KBA : Não tive a experiência de trabalhar com alguém tão sintonizado com o processo [como Regina]. A calma que ela tinha, e como ela sabia quando vir e o quanto dizer. Nunca me senti bombardeado. Às vezes você terá diretores muito bons, mas eles não entendem de atuação. Há um certo idioma que você precisa, caso contrário, o resto do tempo você está traduzindo. Com Regina, nunca precisei traduzir. Ela lhe dá um pequeno empurrão e uma direção, e então você vai embora. Ela tirou o melhor de mim. Eu nunca me senti tão livre no set.

AH : Kingsley fez a pesquisa para apresentar um lado diferente de Malcolm. E Regina realmente se concentrou na vulnerabilidade desses homens. Nós mostramos isso aqui, e isso dá a você um novo respeito por quem eles eram e pelo que eles realizaram.

POR EXEMPLO : Eu só quero reiterar tudo o que esses irmãos estão dizendo. Para mim, eu já tinha cavado no papel de Cassius, o que pode ser bom e ruim porque essa é uma história diferente. Ela tinha uma visão muito clara da história e do momento que estava tentando contar. Muito da direção que recebi dela foi: “Quem sou eu nesta história? Onde estou agora?” Certificando-se de que você está no filme certo. Quando você tem quatro entidades diferentes que podem ser seu próprio filme, essa capacidade de garantir que todos estejam no mesmo filme é essencial.

ISTO : O cinema é uma coisa tão colaborativa. Vindo do teatro, eu sabia que quando alguém que eu admirava estava no teatro, eu tinha algum controle sobre sua experiência naquela noite. Com o filme que aprendi, com o pouco mais de um punhado de filmes que fiz, você realmente deixa esse controle ir. Regina cuidou de nós no dia. Ela cuidou de nós na sala de edição. O que ela nos deu de volta é tão lindo. E de muitas maneiras melhor do que eu poderia ter imaginado.

Regina King com Kingsley Ben-Adir no set de 'One Night in Miami'

Em “One Night in Miami” há tantas conversas que nós, como negros, estamos acostumados a ter. O filme é quase como uma barbearia em um quarto de hotel. Quanto peso você sentiu tentando traduzir essas conversas francas?

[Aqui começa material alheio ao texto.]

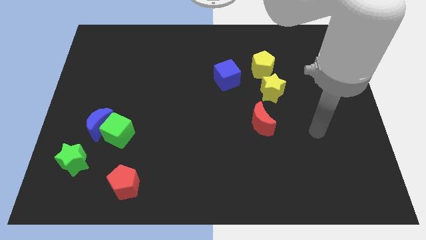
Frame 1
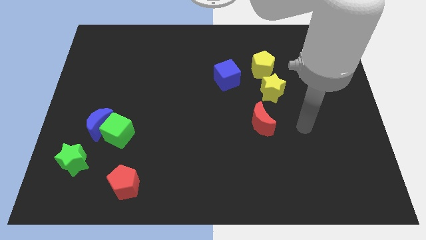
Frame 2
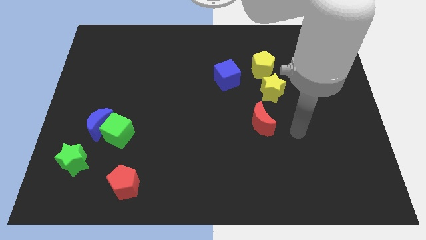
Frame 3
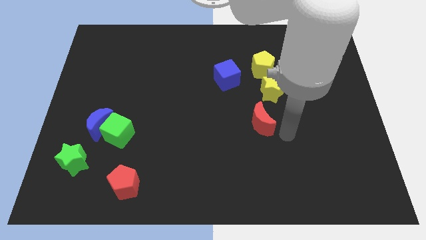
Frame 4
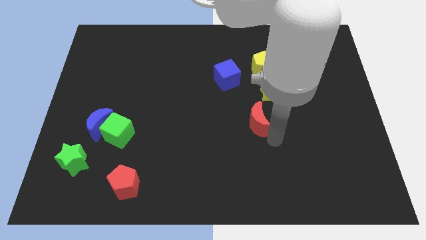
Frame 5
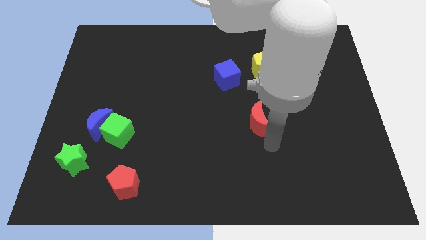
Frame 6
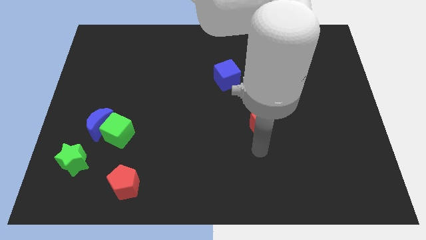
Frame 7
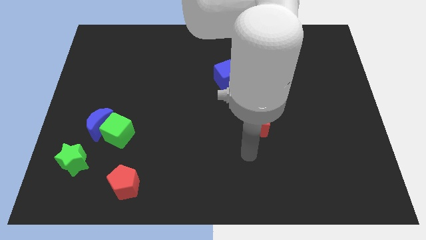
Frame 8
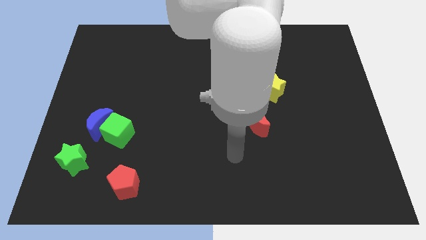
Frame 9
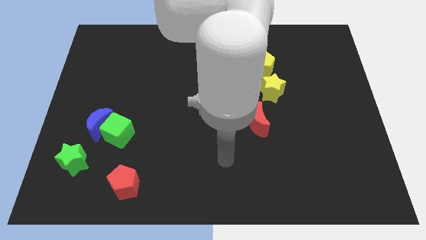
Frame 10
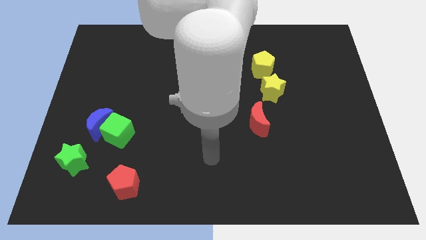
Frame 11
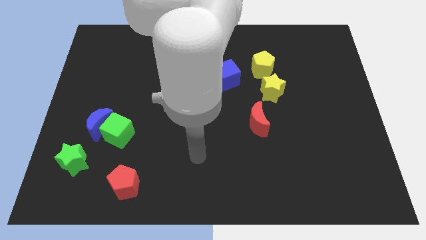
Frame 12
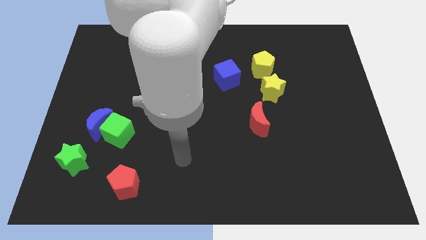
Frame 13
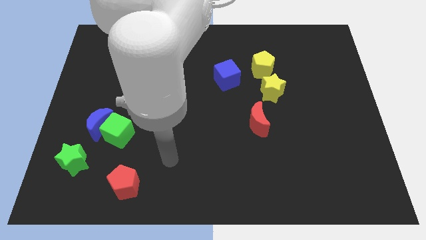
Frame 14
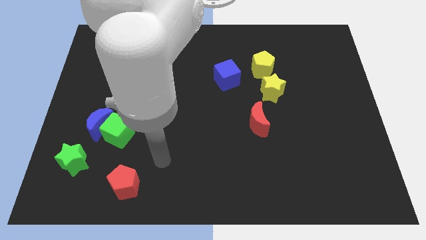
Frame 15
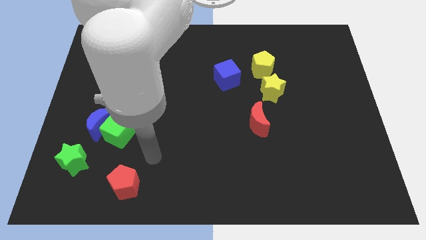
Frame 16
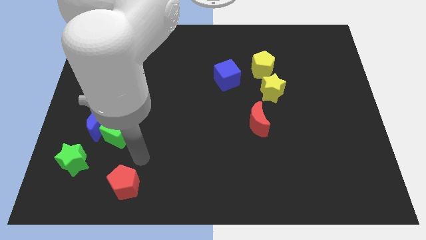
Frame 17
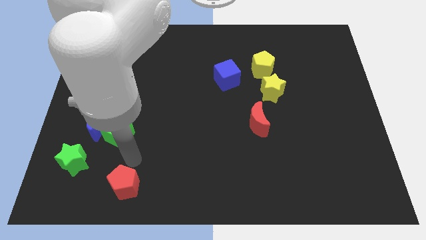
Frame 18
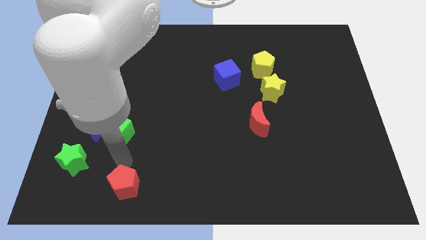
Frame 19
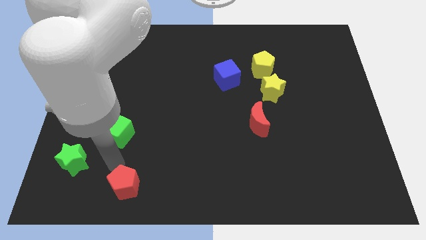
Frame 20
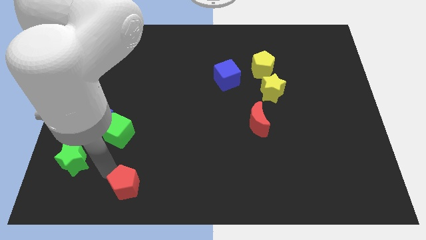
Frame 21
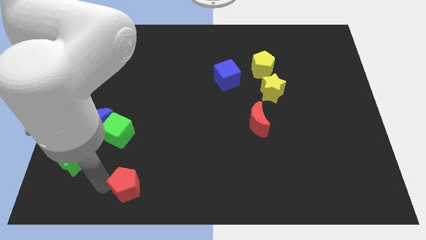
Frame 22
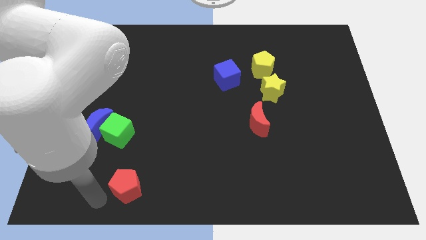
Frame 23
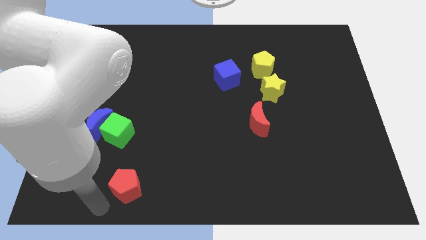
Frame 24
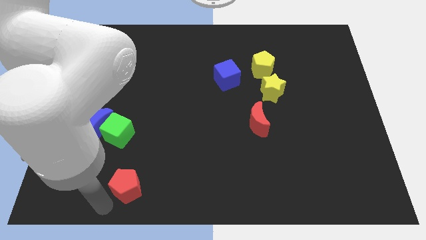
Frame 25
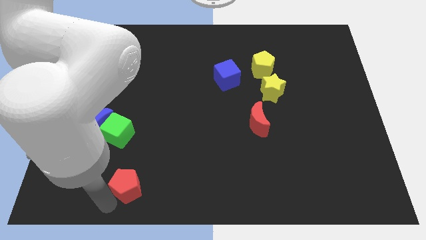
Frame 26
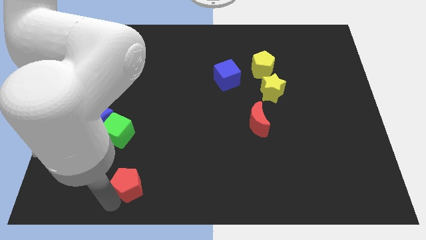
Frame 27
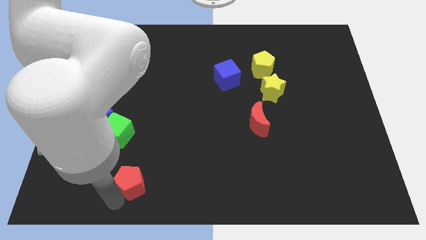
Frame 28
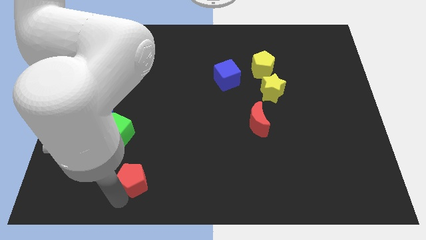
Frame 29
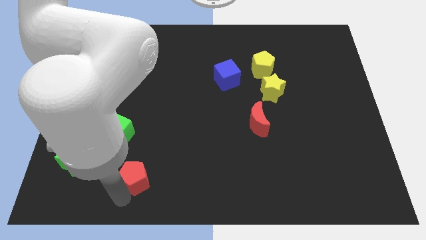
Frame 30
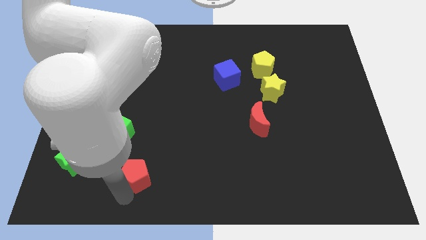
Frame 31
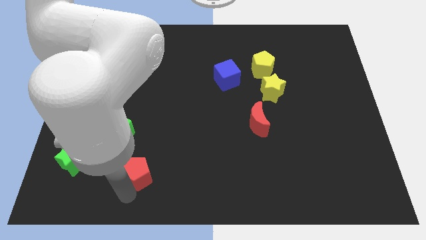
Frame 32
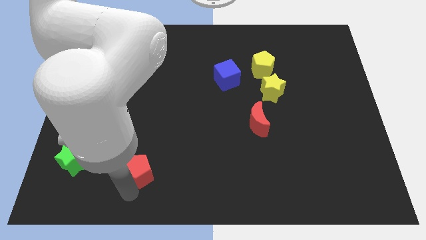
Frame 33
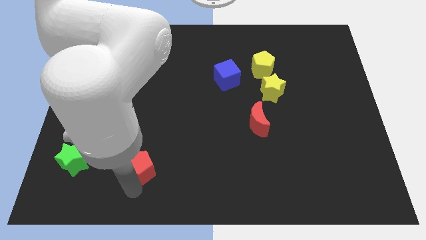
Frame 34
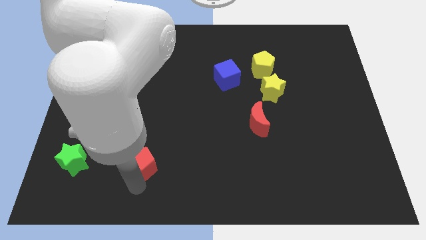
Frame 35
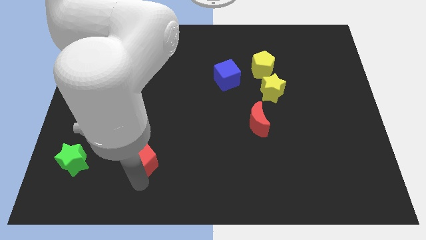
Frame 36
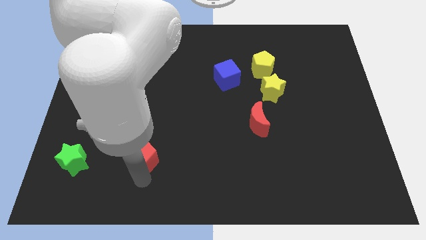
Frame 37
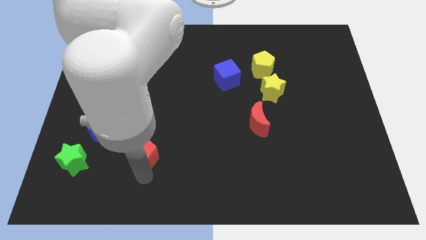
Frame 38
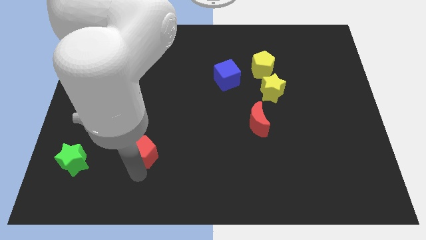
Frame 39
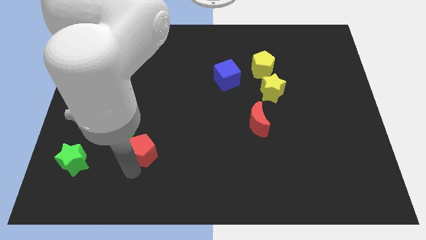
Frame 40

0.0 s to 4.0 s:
slightly push the red pentagon up and right diagonally

POR EXEMPLO : Não senti peso. Porque o peso para mim é como um fardo. Eu senti emoção. Essa é a coisa que eu amei tanto no roteiro: não era a mesma cinebiografia antiga. Não começou quando ele era criança, em algum lugar, em alguma circunstância difícil, e então ele começou a crescer. Dentro ' Mas ”, esta noite [25 de fevereiro de 1964] acontece nesse filme. Mas está aqui, e então se foi. Isso é o que você perde quando tenta colocar a vida de alguém – como Malcolm X ou Cassius Clay – em duas horas. A coisa bonita sobre isso é que você pode mergulhar fundo e descompactar um momento carregado e ver o quanto a vida é em uma conversa. Por exemplo, você pode fazer um filme sobre o dia Nelson Mandela sai da prisão. Você pode fazer um filme sobre toda a vida dele, ou você pode fazer um filme sobre isso um dia, porque isso é o suficiente para um filme. Deliciei-me com a oportunidade de poder contar esta história, que julgo necessária e bela.

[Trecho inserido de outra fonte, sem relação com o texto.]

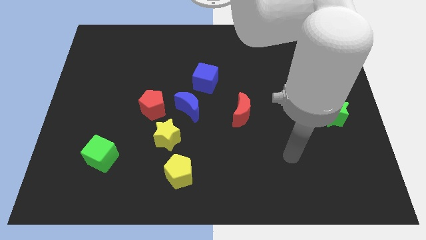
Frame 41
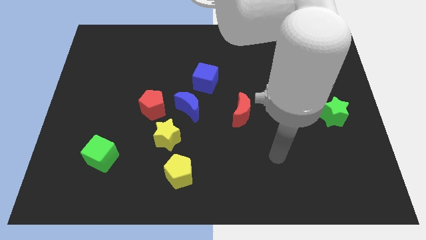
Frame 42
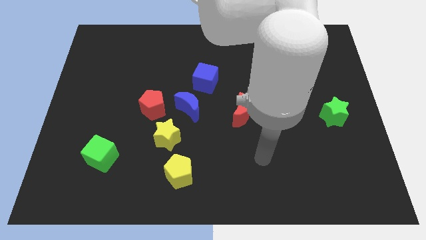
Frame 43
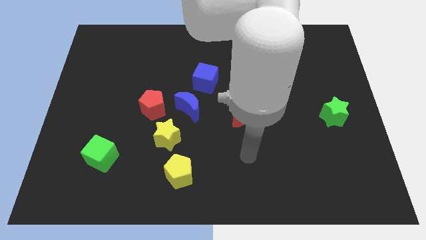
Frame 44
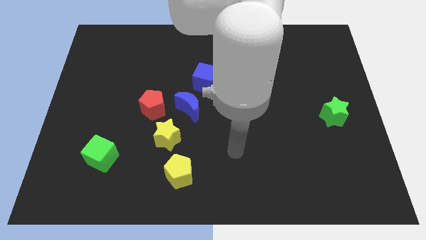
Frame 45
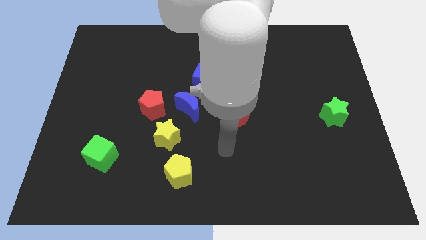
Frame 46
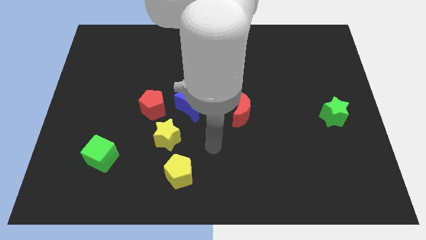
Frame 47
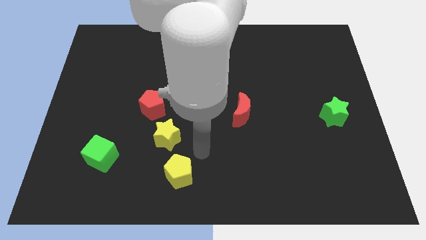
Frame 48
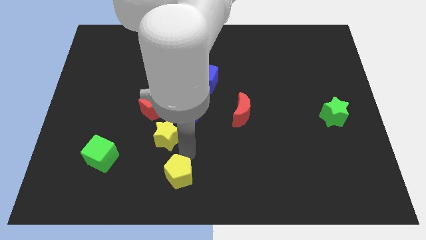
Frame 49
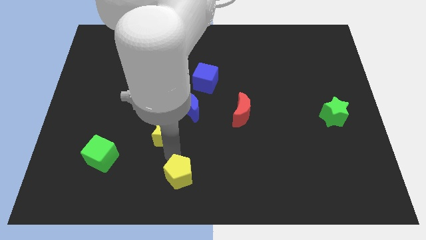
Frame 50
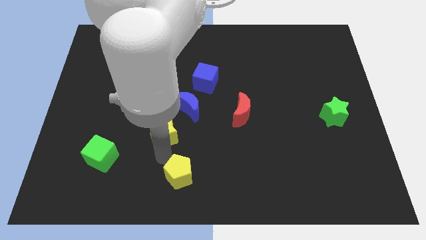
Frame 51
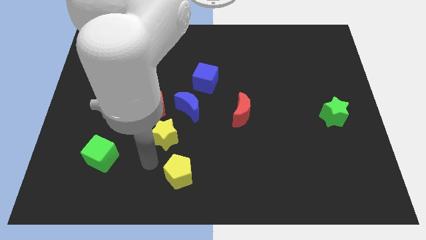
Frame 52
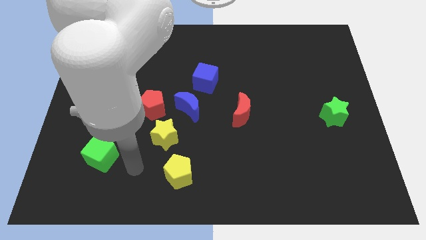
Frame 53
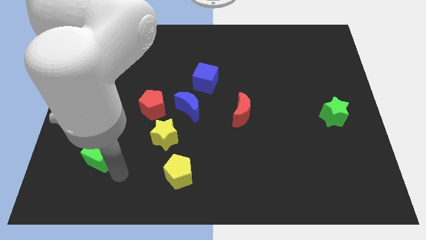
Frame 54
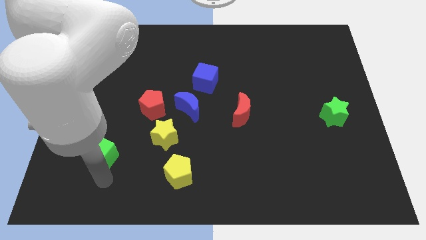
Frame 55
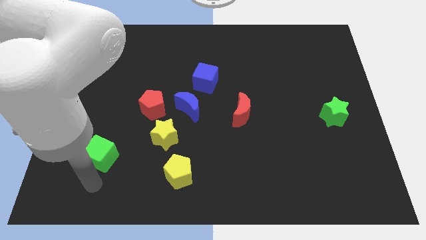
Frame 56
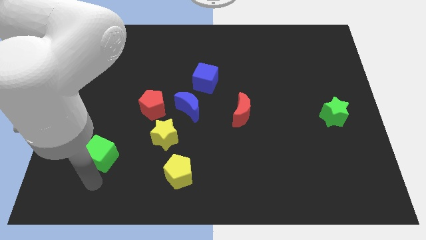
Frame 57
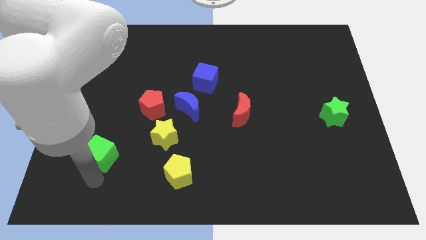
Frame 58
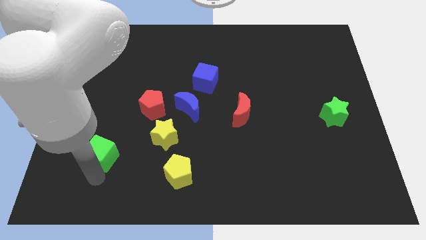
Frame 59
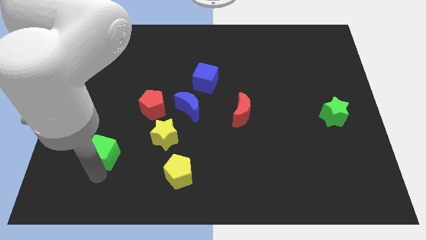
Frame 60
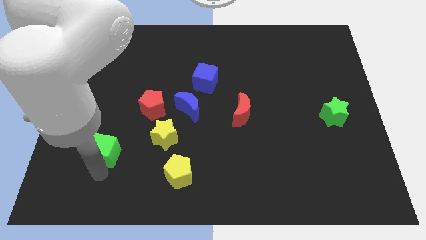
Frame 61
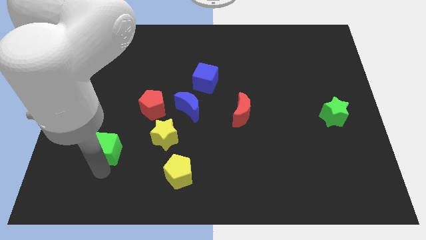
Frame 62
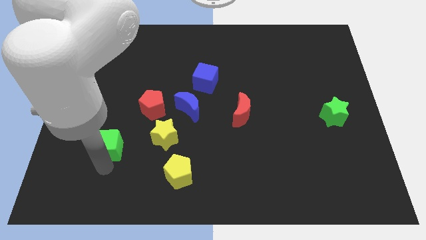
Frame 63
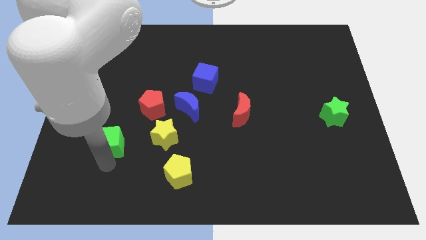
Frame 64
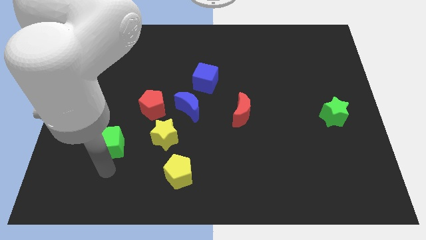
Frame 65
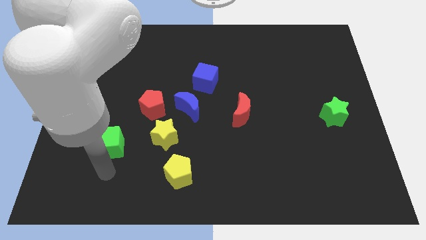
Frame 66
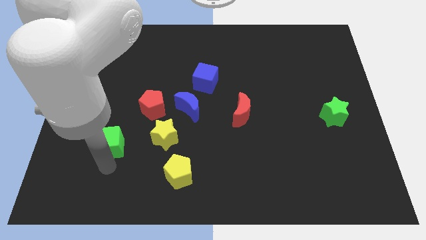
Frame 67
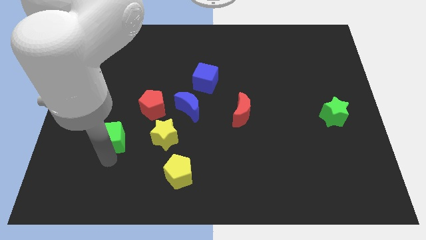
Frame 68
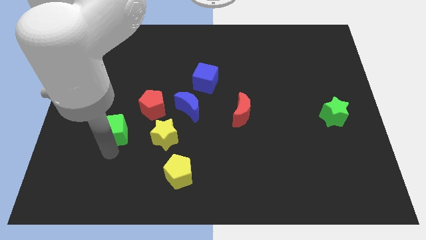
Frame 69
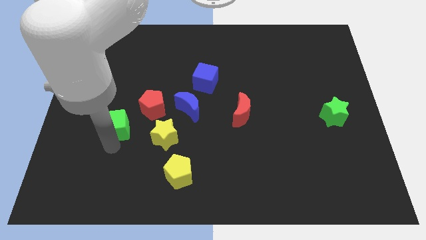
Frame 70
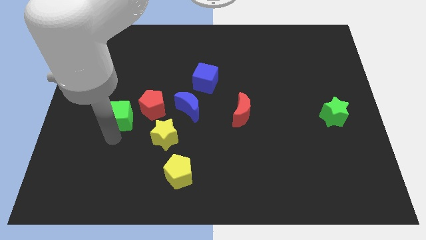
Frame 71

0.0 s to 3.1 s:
push the green cube a little bit diagonally upwards and right

AH : Eu realmente não senti nenhum peso. Eu senti euforia. Parte do meu encargo como artista é exibir as coisas que as pessoas podem não entender. Ou para mostrar as coisas pelas quais as pessoas passam para que saibam que estão sendo reconhecidas. Para esse tipo de conversa, fiquei feliz porque mostramos às pessoas sobre o que estamos falando. Isto é o que se passa. E você não pode nos negar.

Você tem um cantor super-megastar, um jogador de futebol super-megastar e o campeão mundial dos pesos pesados. Você tem todos esses homens que você acha que estão removidos de quaisquer efeitos pelos quais o resto de nós passa, mas não; eles passam exatamente pela mesma coisa. Sua posição na vida, seu dinheiro e sua influência não significam nada quando você compara isso contra eles serem negros na América. As pessoas olham para mim falando sobre questões e dizem: “Mas você é um ator de sucesso”. Em primeiro lugar, nem estamos falando sobre isso. Estamos falando sobre o valor que minha vida tem versus a sua. Não é o mesmo. Então pare de negar, especialmente quando você não experimenta.

KBA : Como ator que trabalha, muito desse trabalho é apenas pisar na água e tentar conseguir o próximo show. Outros atores provavelmente estão entrevistando o tempo todo e analisando o trabalho. Eles estão em uma posição muito luxuosa no topo; onde eles decidem que tipo de personagem querem interpretar. Eles estão moldando suas carreiras. Mas para o resto de nós, estamos apenas aqui fora. Então, quando surgiu essa oportunidade, foi uma situação muito séria. É uma oportunidade de mostrar a Regina King sua atuação.

Às vezes, diretores de elenco, eles olham suas fitas primeiro e depois decidem se são boas o suficiente. Mas eu fiquei tipo, “Acho que Regina realmente vai assistir isso” porque eles estão realmente tentando encontrar um Malcolm. Isso foi uma alegria em si. O peso disso foi, sim, interpretar Malcolm, mas também mostrar o trabalho para Regina, e apenas conseguir fazer o que você sempre sonhou.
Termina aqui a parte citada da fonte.